··· Provided data ···

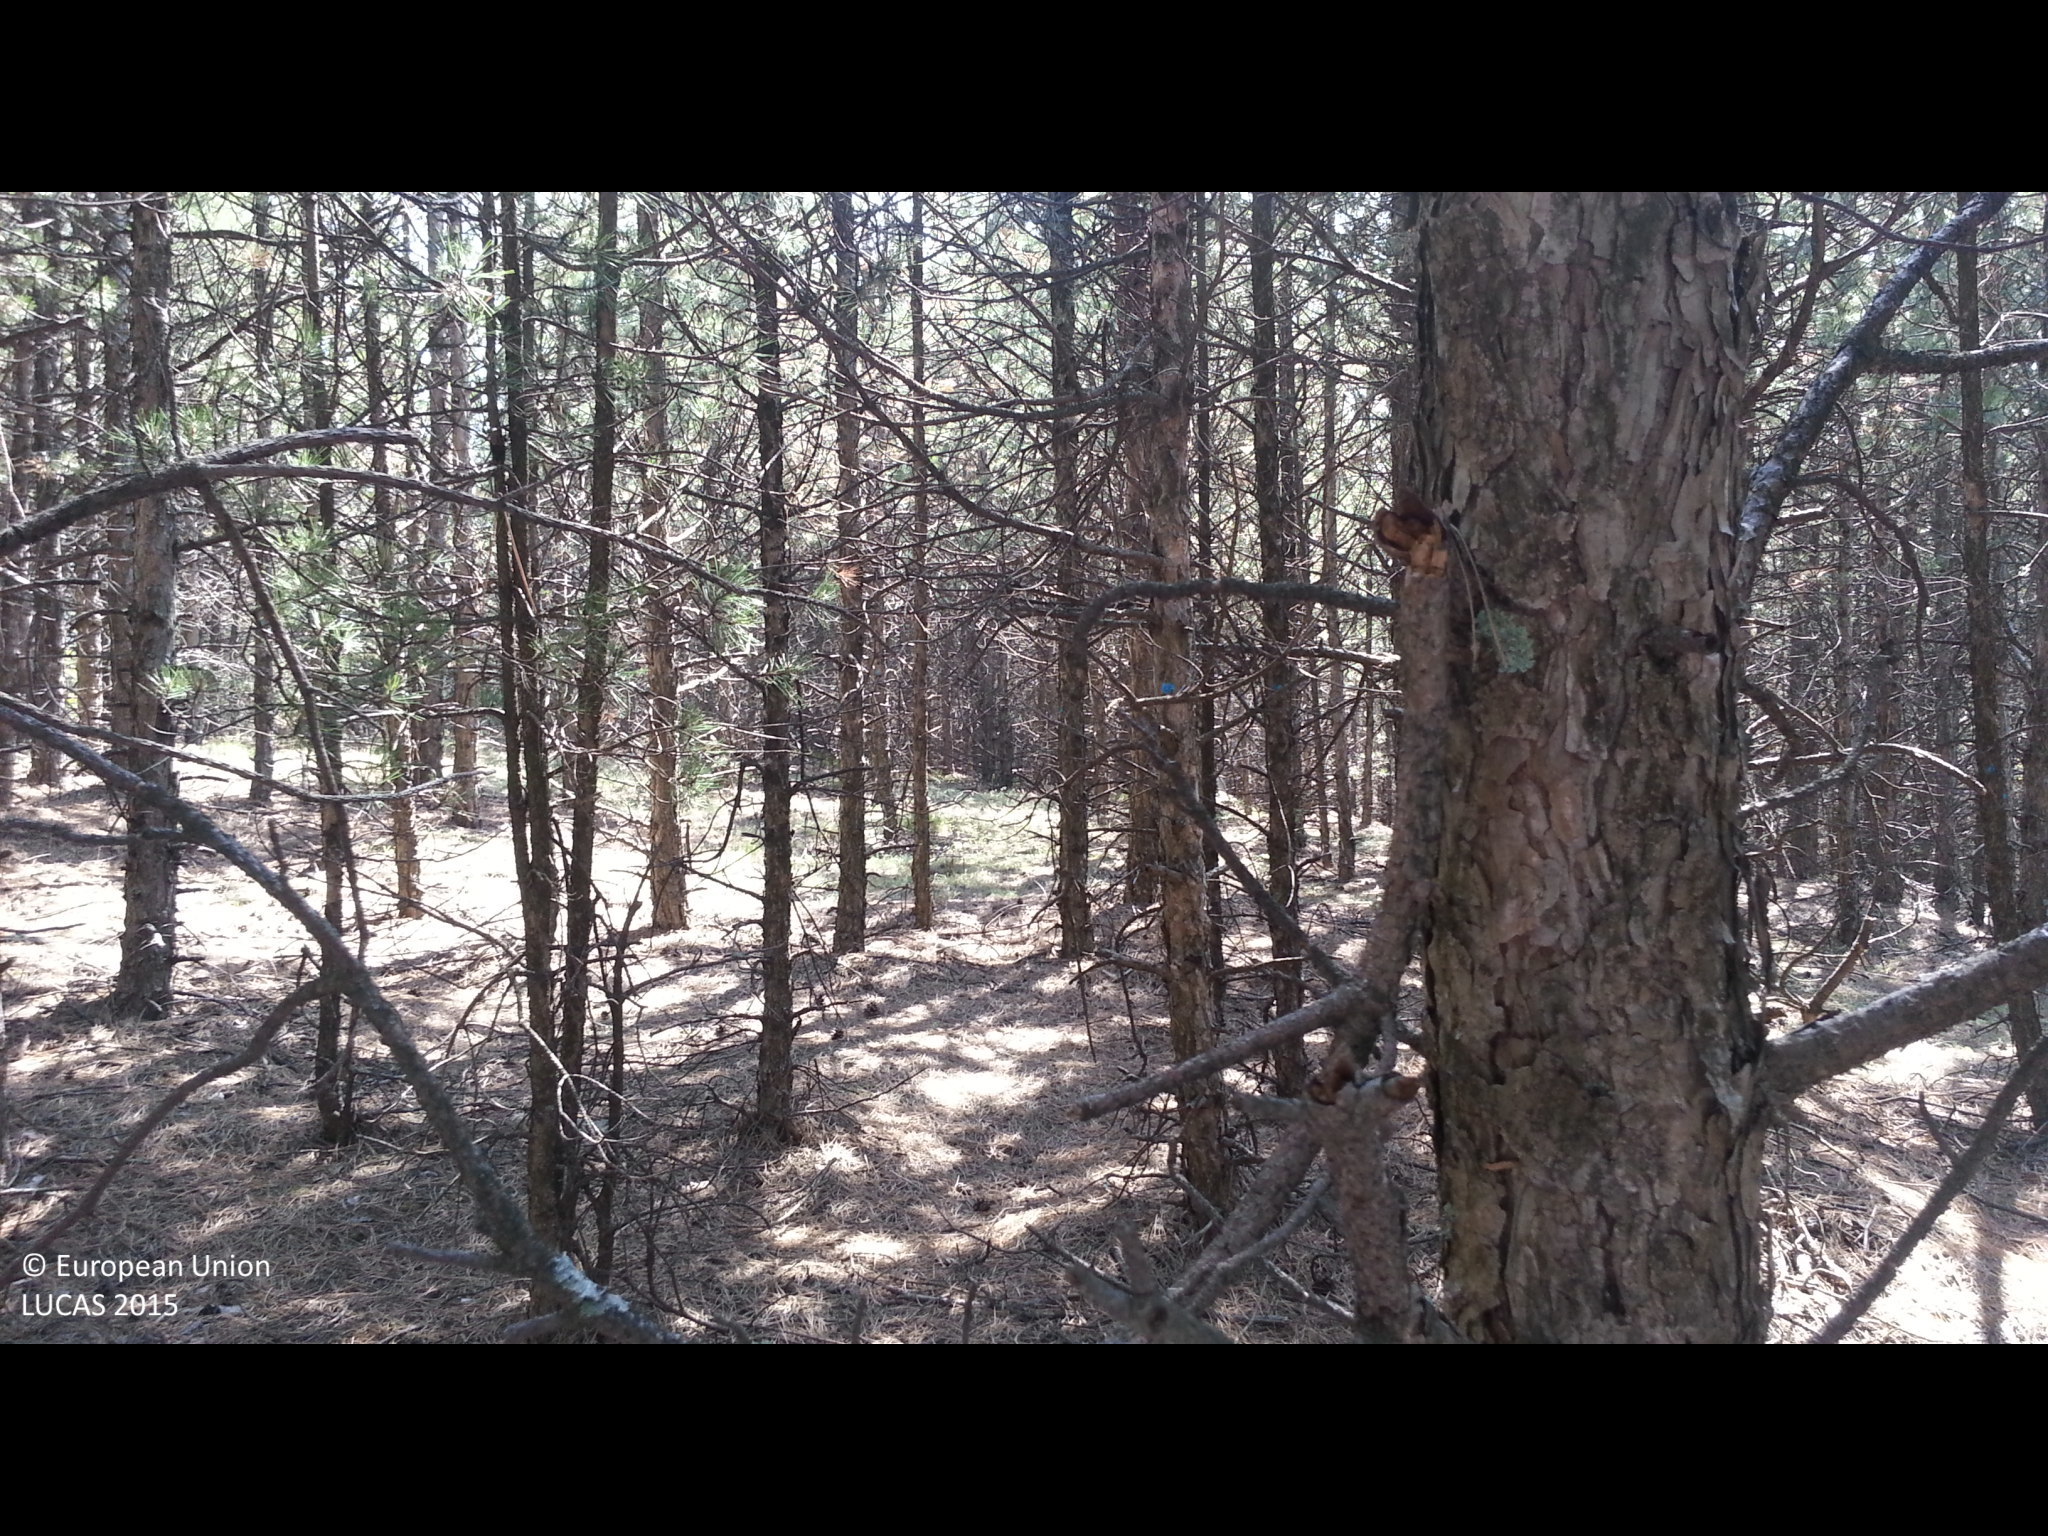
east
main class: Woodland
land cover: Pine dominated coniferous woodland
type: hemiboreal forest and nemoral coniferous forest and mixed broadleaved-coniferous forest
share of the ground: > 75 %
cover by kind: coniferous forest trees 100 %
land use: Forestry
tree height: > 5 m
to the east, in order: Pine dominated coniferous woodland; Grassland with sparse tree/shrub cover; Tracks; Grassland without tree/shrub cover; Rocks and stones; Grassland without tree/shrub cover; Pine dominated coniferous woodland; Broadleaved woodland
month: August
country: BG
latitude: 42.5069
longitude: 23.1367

···
··· Provided data ···

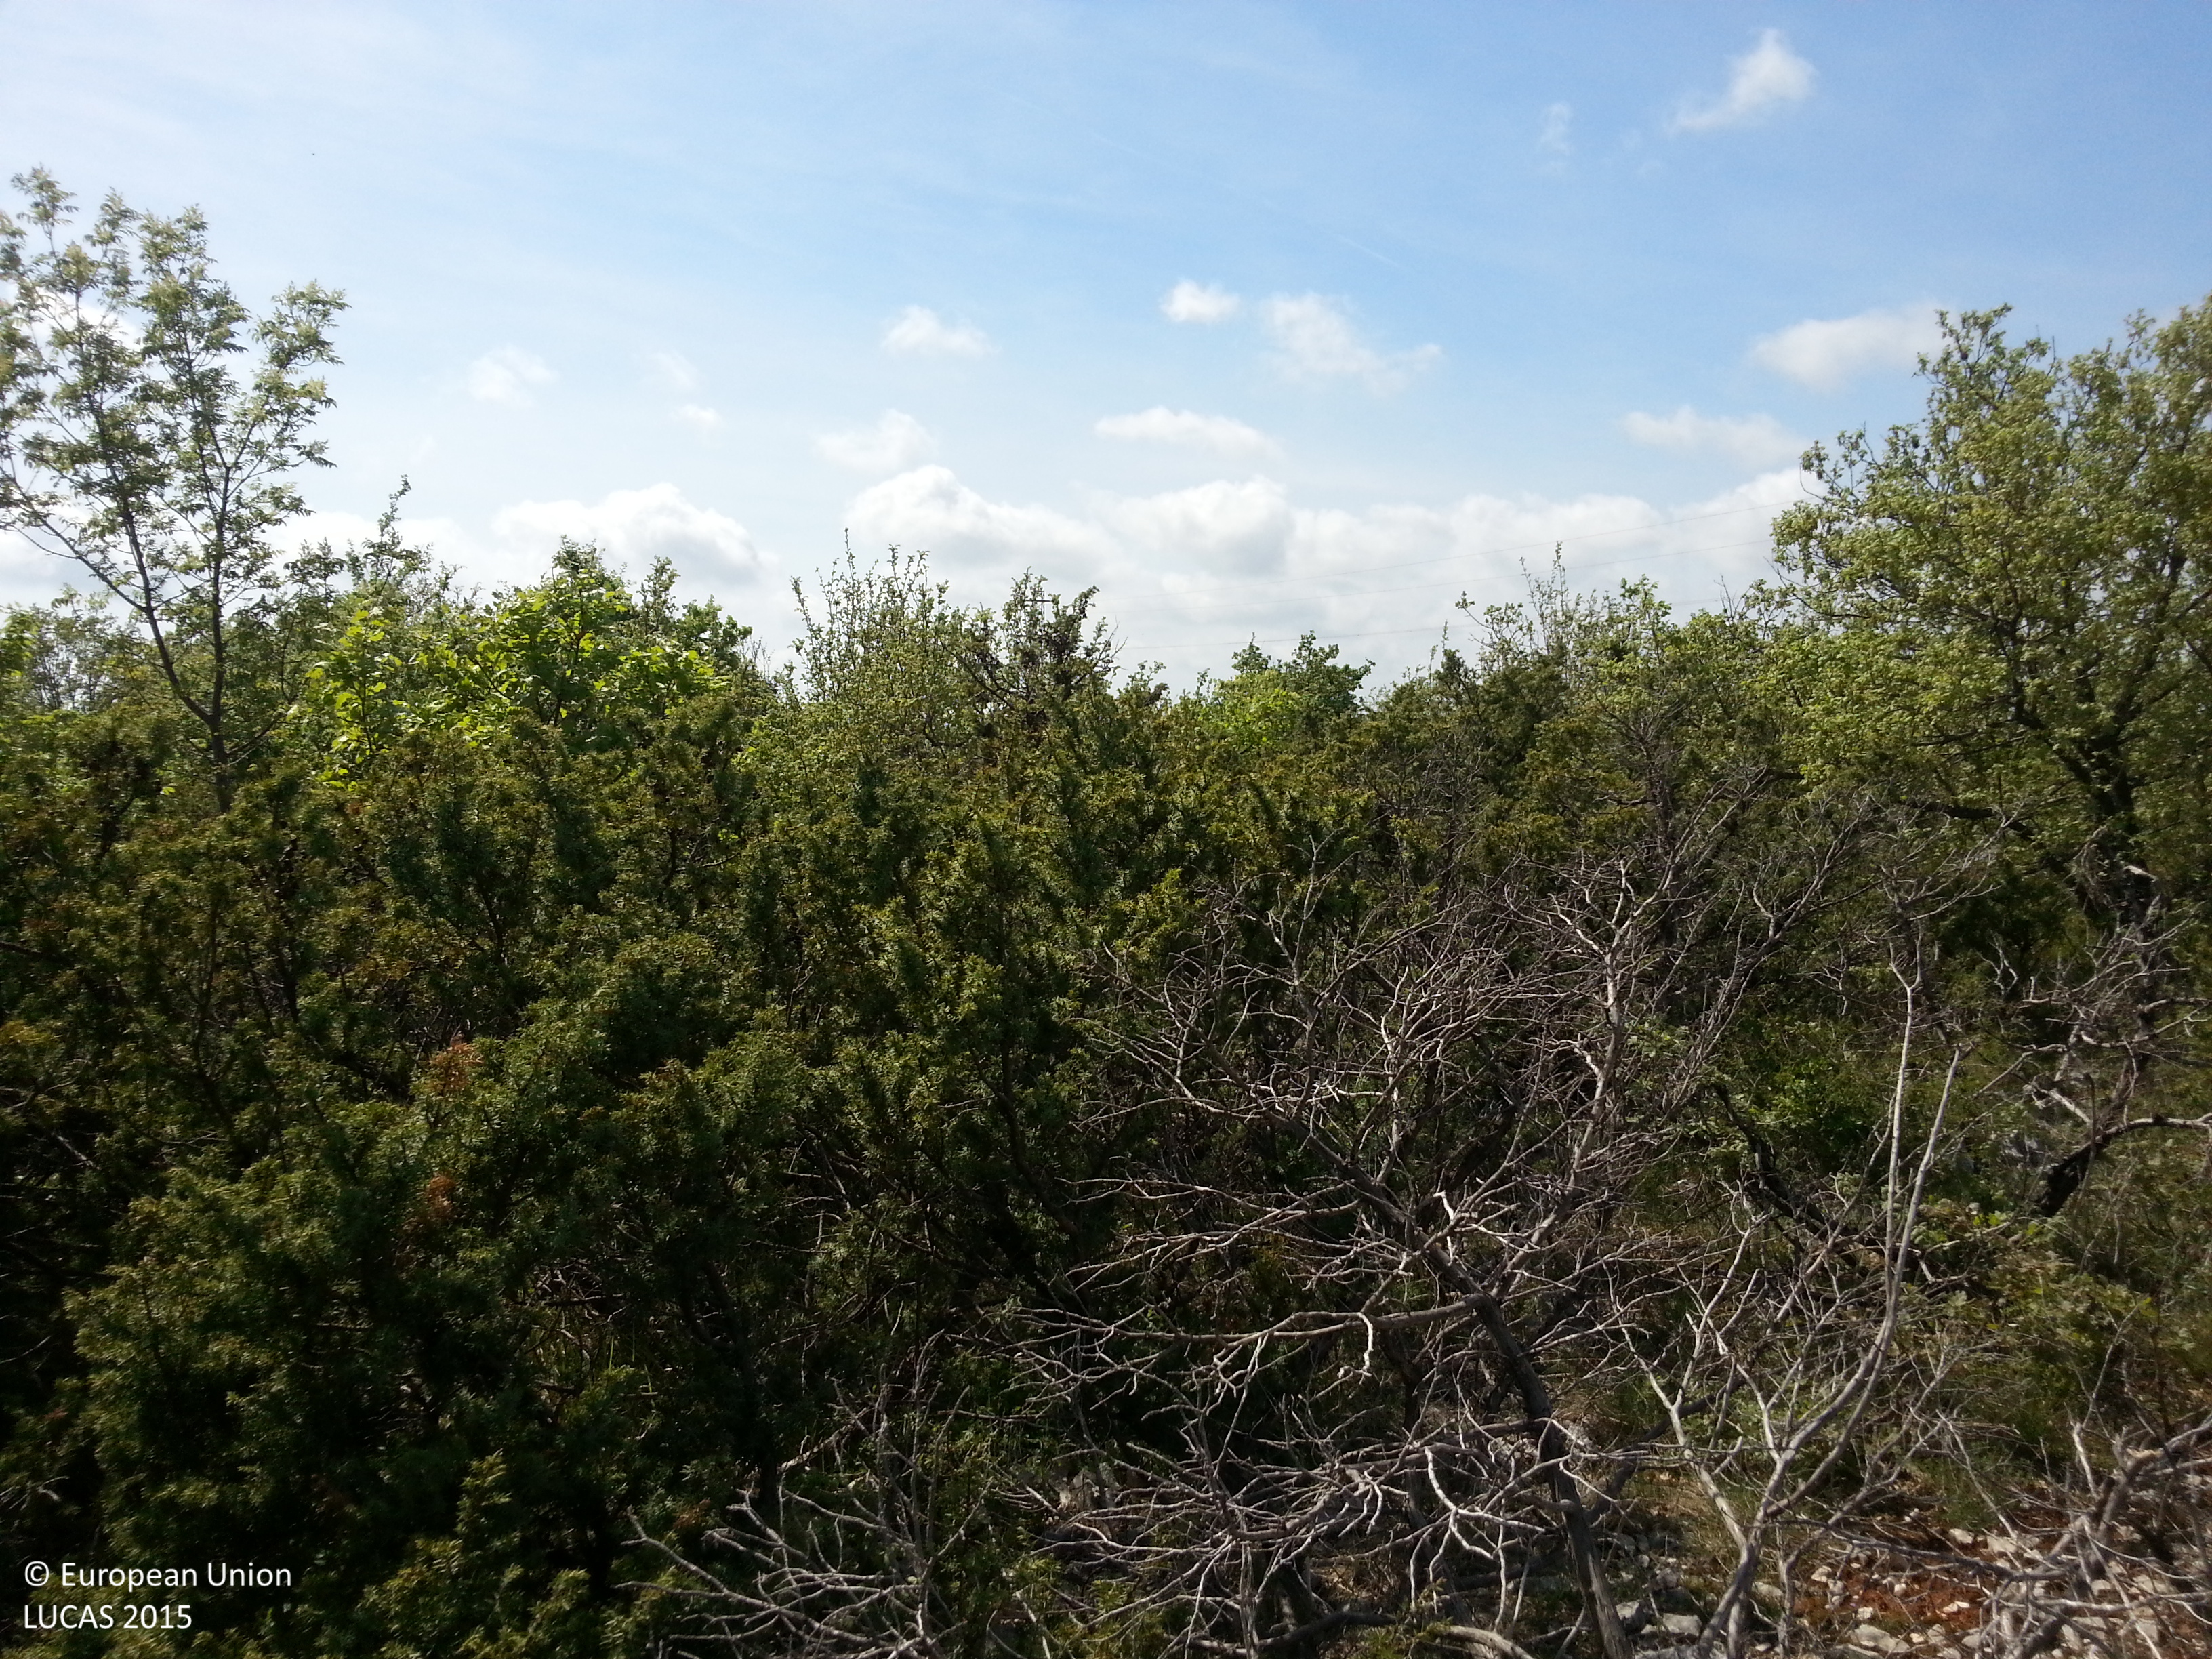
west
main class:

···
··· Provided data ···

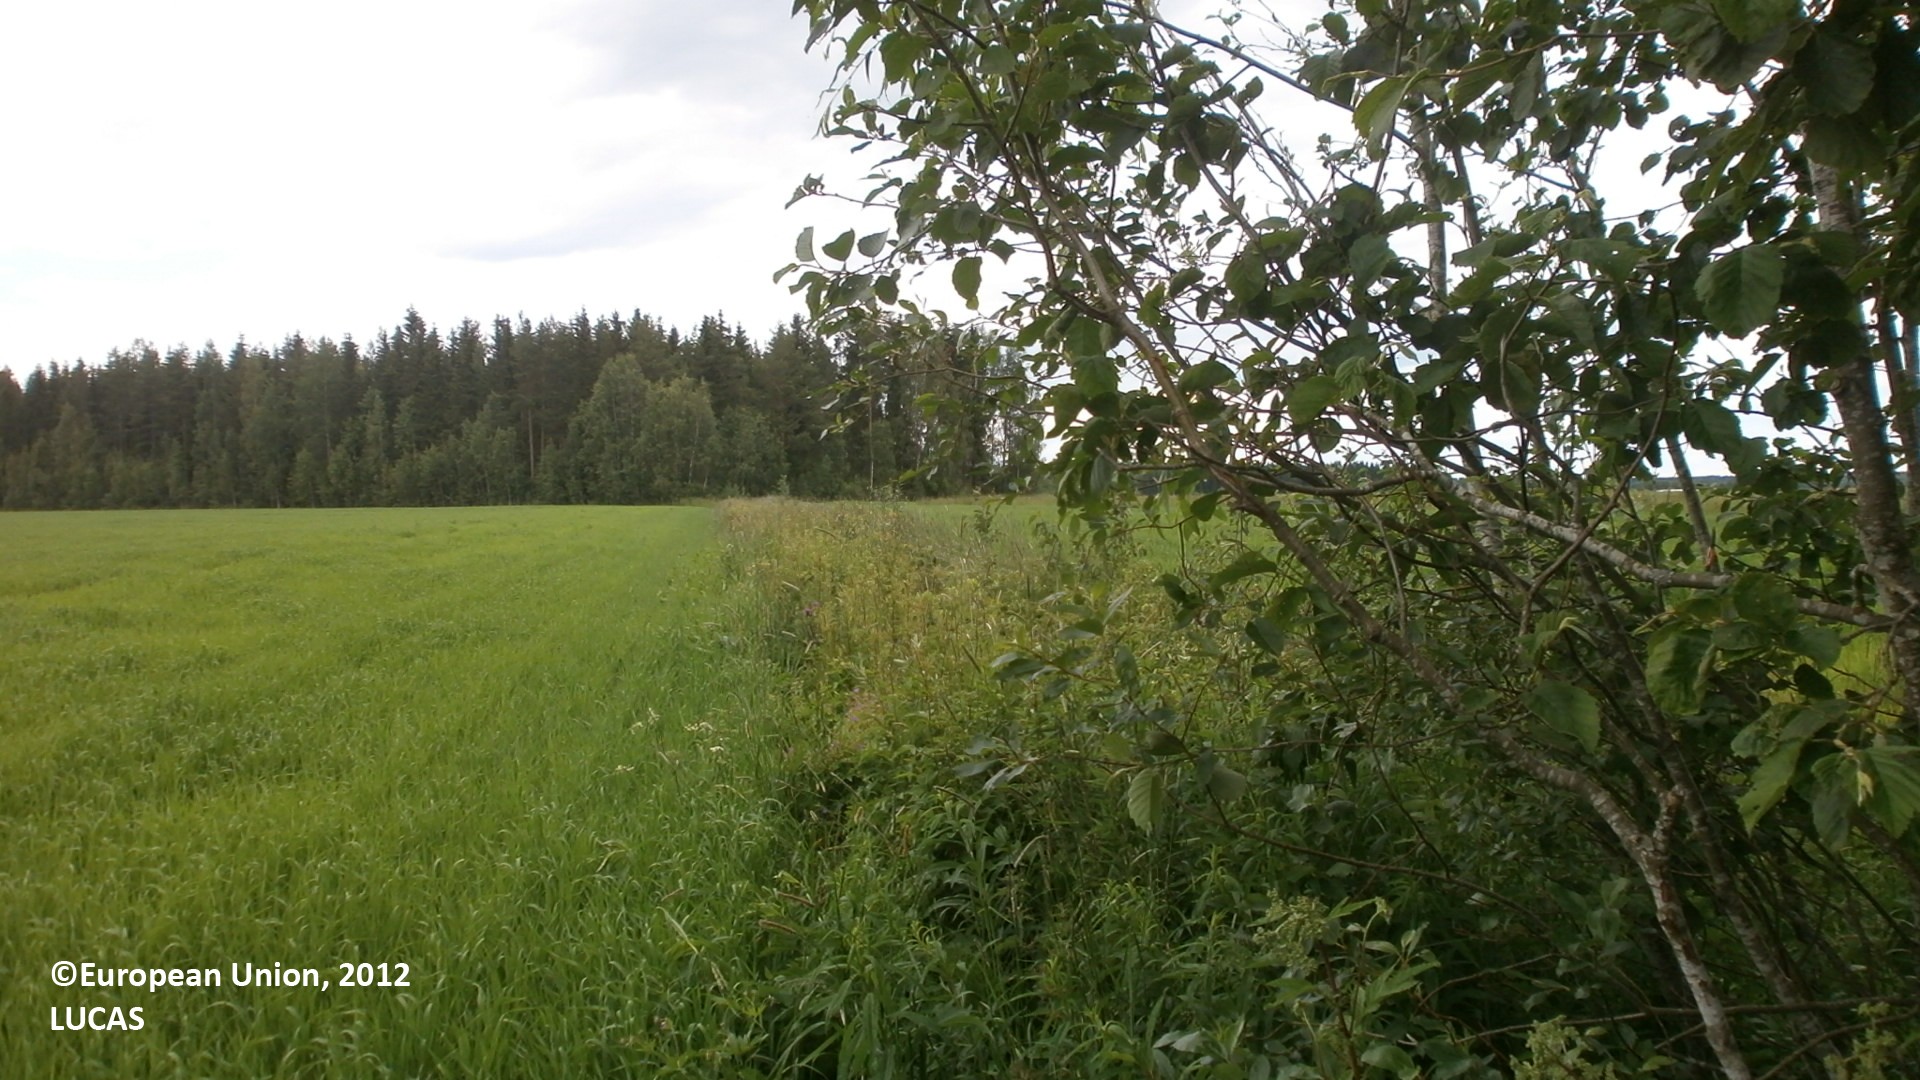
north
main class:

···

*Problem description:*
Only one stretch of the data above is needed. Restate it word for word, from the line containing "land cover: Pine" through the line containing "longitude: 23.1367", both ends included.

*Task answer:*
land cover: Pine dominated coniferous woodland
type: hemiboreal forest and nemoral coniferous forest and mixed broadleaved-coniferous forest
share of the ground: > 75 %
cover by kind: coniferous forest trees 100 %
land use: Forestry
tree height: > 5 m
to the east, in order: Pine dominated coniferous woodland; Grassland with sparse tree/shrub cover; Tracks; Grassland without tree/shrub cover; Rocks and stones; Grassland without tree/shrub cover; Pine dominated coniferous woodland; Broadleaved woodland
month: August
country: BG
latitude: 42.5069
longitude: 23.1367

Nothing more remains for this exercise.